Behind pink sunglasses
A primeira coisa que me fez prestar atenção nele foi a constante tristeza em seu olhar. Quando não era tristeza, era vazio, simplesmente. Um vazio que não combinava em nada com aquele rosto bonito e pálido, mas que, como um buraco negro, me fazia incapaz de tirar meus olhos dele.
É claro que com o tempo aquilo foi se tornando perceptível - e estranho - para o restante da classe. O único que parecia não ter notado o meu assédio visual era o próprio assediado. Ele nunca me daria a graça de virar o pescoço e retribuir minhas longas e incessantes observações, nem mesmo para perguntar que porra eu não parava de olhar.
Não... Aqueles olhos escuros e desprovidos de emoção estavam sempre virados para a lousa, para uma janela ou para o próprio caderno, onde eu já o havia pego escrevendo longos textos em plena aula de matemática.
Completamente alheio ao resto do mundo.
Nesses momentos eu via que ele estava perdido em seu próprio e pequeno mundo... Um mundo que eu teria dado o céu para poder entrar.
O sol entrava avidamente pelas pequenas janelas do banheiro, projetando sombras nas paredes e nas portas das cabines. Aquele lugar estava abandonado há uns bons anos; apesar dos alunos terem permissão para utilizá-lo e dele ser o mais próximo da sala de aula, todos sempre prefeririam ir ao banheiro maior, um andar acima e absolutamente incomparável.
Inspirava profundamente, duas, três vezes, até não caber mais nada nos meus pulmões. Apoiado na parede impecável, deixei o ar sair dolorosamente, como se todos os sentimentos que se acumulavam e se desentendiam dentro de mim pudessem sair junto.

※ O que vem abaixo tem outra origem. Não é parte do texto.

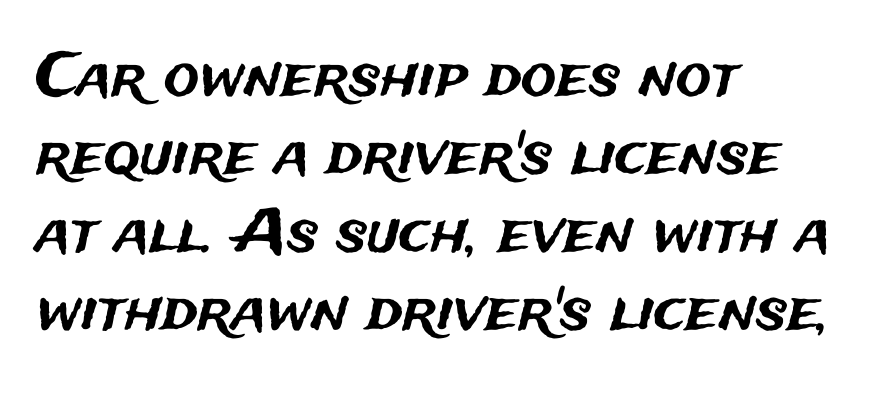
{"serif": "no", "width": "normal", "stroke_contrast": "medium", "x_height": "medium", "monospaced": "no", "underline": "no", "align": "left", "line_spacing": "normal", "line_spacing_ratio": 1.32, "letter_spacing": "normal", "letter_spacing_em": 0.0, "glyph_px": 59}
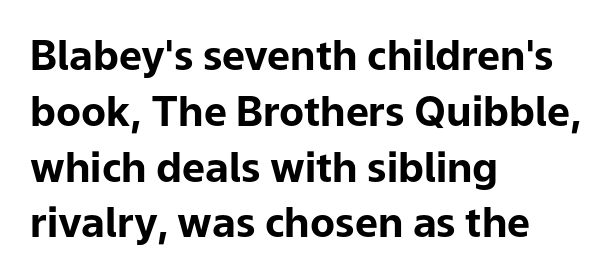
The strip under each line holds only bare page. When letters stand straight like this, we call the style roman or upright. Line beginnings align vertically; line endings do not. These lines sit exactly where default settings would place them. Short note: letters normally spaced.
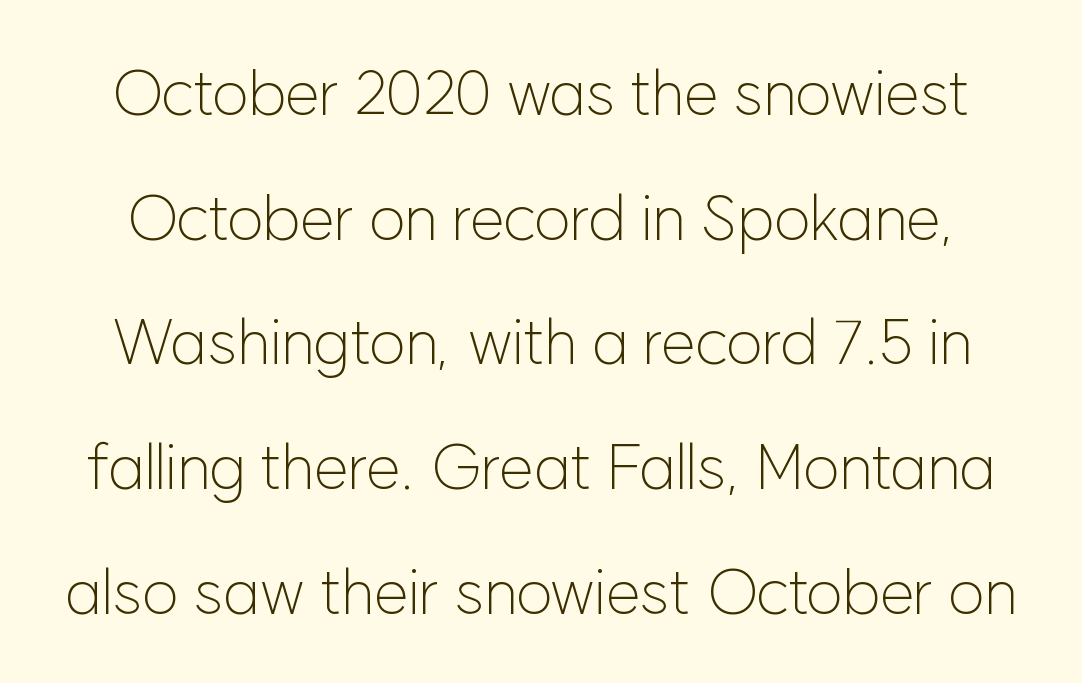
The image shows 63 px light sans-serif type, upright; set loose line spacing (1.98x), normal letter spacing, not underlined; low stroke contrast and a medium x-height.
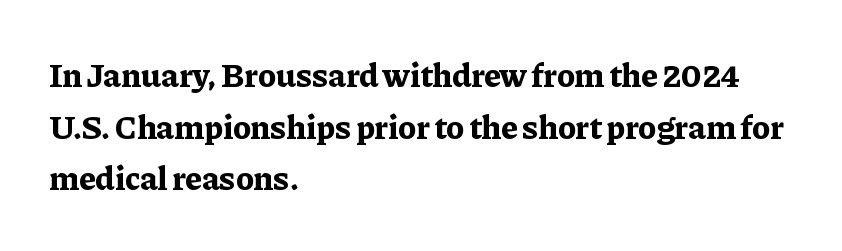
The image shows 34 px bold serif type, upright; set left-aligned, normal line spacing (1.52x), normal letter spacing, not underlined; low stroke contrast and a medium x-height.
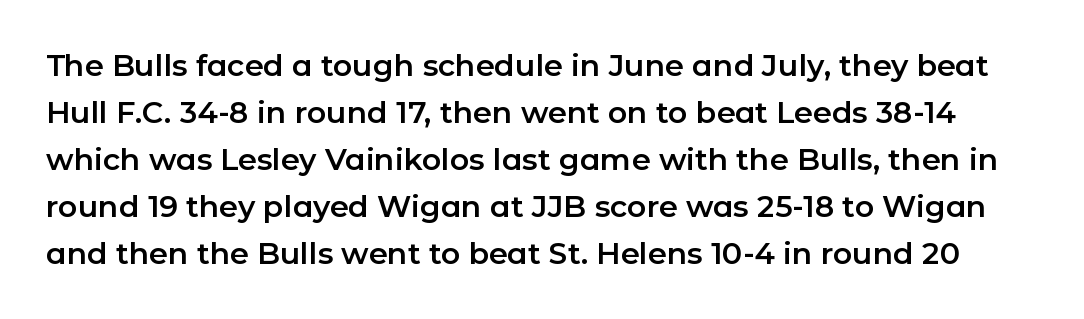
Q: Is the text italic (slanted)? A: No, it is upright.
Q: Is the typeface a serif or a sans-serif typeface? A: Sans-serif.
Q: Is the text underlined? A: No.
Q: Is the spacing between letters normal or unusually wide? A: Normal.
Q: Is the spacing between lines tight, normal or loose? A: Normal.
Q: Width (condensed, normal, or wide)? A: Normal.
Q: Stroke contrast? A: Low.
Q: x-height? A: Medium.
Q: Monospaced? A: No.
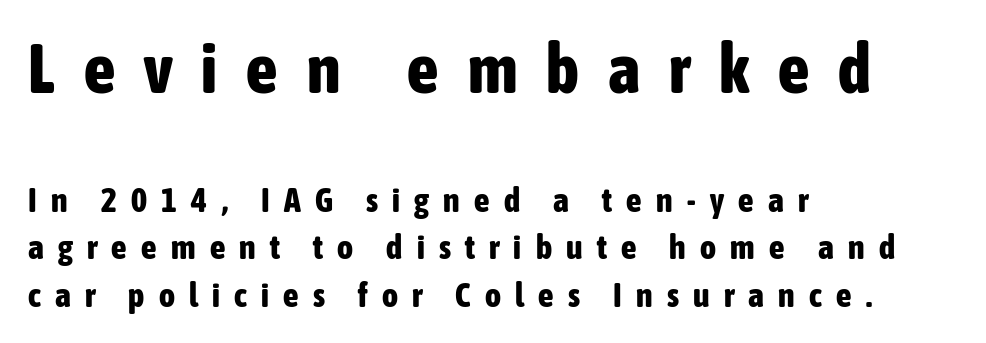
A clean baseline with only descenders dipping below it. This rendering employs a face without finishing strokes, i.e., a sans-serif. Designer's note — italics off, roman on. Is the letter spacing exaggerated? Yes — the characters are pushed far apart. How heavy is the stroke? Heavy — this is a bold. Which chunk is bigger? The first one — the top block dwarfs the bottom.
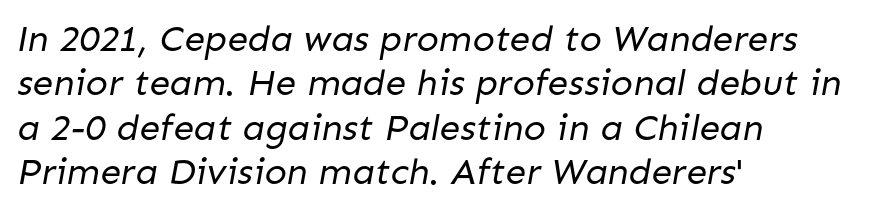
Q: Is the text bold? A: No.
Q: Is the typeface a serif or a sans-serif typeface? A: Sans-serif.
Q: Is the text underlined? A: No.
Q: How is the paragraph aligned? A: Left-aligned.
Q: Is the spacing between letters normal or unusually wide? A: Normal.
Q: Width (condensed, normal, or wide)? A: Normal.
Q: Stroke contrast? A: Low.
Q: x-height? A: Medium.
Q: Monospaced? A: No.
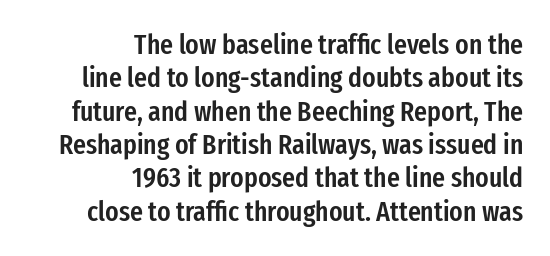
Do the characters align in a grid? No, the font is proportional. Horizontally, the lines are justified to the trailing edge only. Does the type have serifs? No, each stem ends abruptly. The letters are semibold — heavier than regular but short of a full bold. The gaps between neighbouring characters are ordinary and unremarkable.
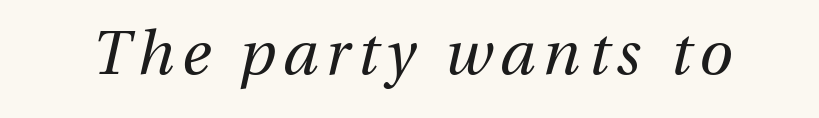
{"italic": "yes", "lean": "right", "slant_degrees": 13, "bold": "no", "weight": "regular", "width": "normal", "stroke_contrast": "medium", "x_height": "medium", "monospaced": "no", "underline": "no", "glyph_px": 61}
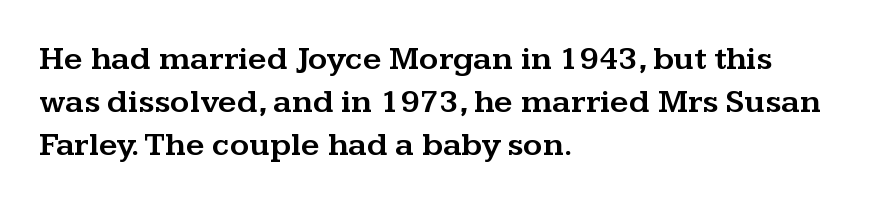
Q: Is the text italic (slanted)? A: No, it is upright.
Q: Is the typeface a serif or a sans-serif typeface? A: Serif.
Q: Is the text underlined? A: No.
Q: How is the paragraph aligned? A: Left-aligned.
Q: Is the spacing between letters normal or unusually wide? A: Normal.
Q: Is the spacing between lines tight, normal or loose? A: Normal.
Q: Width (condensed, normal, or wide)? A: Wide.
Q: Stroke contrast? A: Medium.
Q: x-height? A: Medium.
Q: Monospaced? A: No.
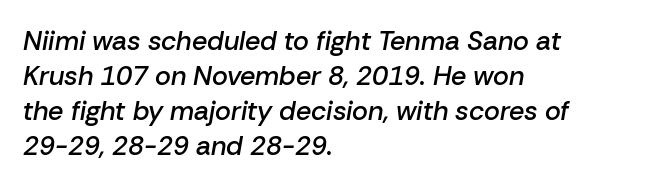
{"italic": "yes", "lean": "right", "slant_degrees": 10, "bold": "semi", "underline": "no", "align": "left", "line_spacing": "normal", "line_spacing_ratio": 1.3, "letter_spacing": "normal", "letter_spacing_em": 0.0, "glyph_px": 27}

Obviamente não adiantou muita coisa, e ainda por cima agora vinha a consciência de que eu estava matando uma aula de matemática que realmente não deveria estar.
Com um grito frustrado e pouco contido, acertei um chute nos azulejos e deixei meu corpo deslizar livremente para o chão. Enquanto levava as mãos aos cabelos e os agarrava com violência, várias lágrimas ameaçaram saltar dos meus olhos.
Patético! Estava voltando a ser o garotinho que chorava escondido nos banheiros.
Um som baixo que estava ouvindo há alguns minutos sem tomar consciência parou subitamente, me fazendo erguer meu rosto, vermelho do esforço de conter o choro.
Era quase como se pudesse ver alguém ali, me encarando hesitantemente, esperando para prosseguir no que fazia.
Enquanto eu encarava o nada bobamente, a fonte do som pareceu decidir que era seguro continuar - o som baixo e rascante, como se alguém estivesse raspando as unhas em um quadro-negro, voltou a tomar o pequeno banheiro.
Ainda assim eu não me movia. O ruído vinha de algum ponto à minha frente, de alguma das cabines; e, por ser muito baixo, era difícil dizer de qual.
Me ergui do chão devagar, reparando que as minhas pernas tremiam. Não era medo. Na verdade, era quase expectativa, porque tinha certeza de que já ouvira aquilo, e, assim como segundos atrás, nunca havia registrado. Era como um dèja vu extremamente forte... Extremamente real.
Me coloquei completamente de pé e alguns fios de cabelo vermelho caíram dos meus dedos.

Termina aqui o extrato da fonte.